We can also directly do a training and prediction on the same image (extracting the features only once).

In [None]:
# self_pred_image = skimage.data.astronaut()#[0:504,0:504,:]
# self_pred_labels = plt.imread('images_and_labels/astro_labels_2.tif')[:,:,0]#[0:504,0:504]
# ground_truth = plt.imread('images_and_labels/astro_ground_truth.tif')[:,:,0]
self_pred_image = image_to_train
self_pred_labels = labels_to_train
ground_truth = None

self_pred = selfpredict_dino_forest(self_pred_image, self_pred_labels, ground_truth,
                                    crop_to_patch=True, scale=scale, upscale_order=1,
                                    dinov2_model=dinov2_model, dinov2_layers=dinov2_layers, vgg16_layers=vgg16, append_image_as_feature=image_as_feature,
                                    show_napari=True)
predicted_labels, image_scaled, labels_scaled, feature_space, acc = self_pred

## Tests against ground truth

In [None]:
image_to_train = skimage.data.astronaut()#[0:504,0:504,:]
labels_to_train = plt.imread('images_and_labels/astro_labels_2.tif')[:,:,0]#[0:504,0:504]
ground_truth = plt.imread('images_and_labels/astro_ground_truth.tif')[:,:,0]
image_to_pred = None

# viewer = napari.Viewer()
# viewer.add_image(image_to_train)
# viewer.add_labels(labels_to_train)
# viewer_2 = napari.Viewer()
# viewer_2.add_image(image_to_pred)
# viewer_2.add_labels(ground_truth)

all_vggs = [0,2,5,7,10,12,14,17,19,21,24,26,28]
single_vggs = [[i] for i in all_vggs]
consecutive_vggs = [all_vggs[:s] for s in range(1,len(all_vggs))]
dual_vggs = [[all_vggs[i], all_vggs[j]] for i in range(len(all_vggs)) for j in range(i+1, len(all_vggs))]

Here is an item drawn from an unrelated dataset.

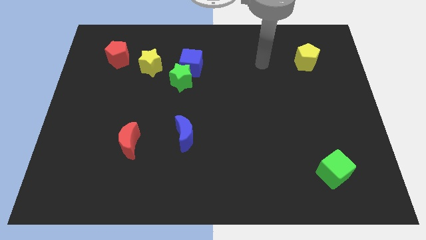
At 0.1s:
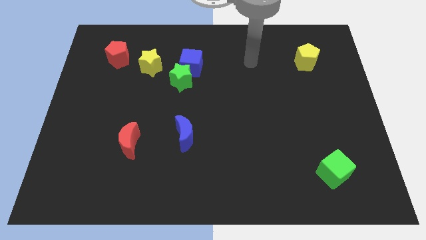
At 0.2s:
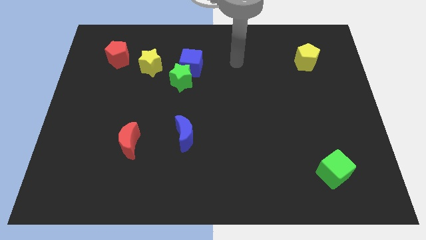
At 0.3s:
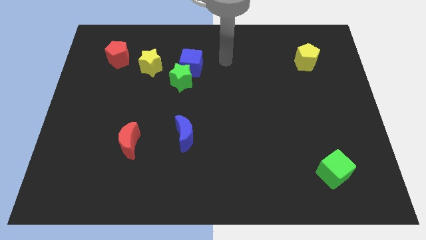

dinos = [None, 's']#, 'b']
vggs = [None, [24,26,28], all_vggs]#[0], [10], [17], [24], [0, 10, 17, 24]]#
im_feats = [False]#, True]
scales = [1]#, 2]

In [None]:
test = test_dino_forest(image_to_train, labels_to_train, ground_truth, image_to_pred,
                        scales=scales, dinos=dinos, vggs=vggs, im_feats=im_feats,
                        print_avg=True, print_max=True)
accs, avg_accs, max_acc = test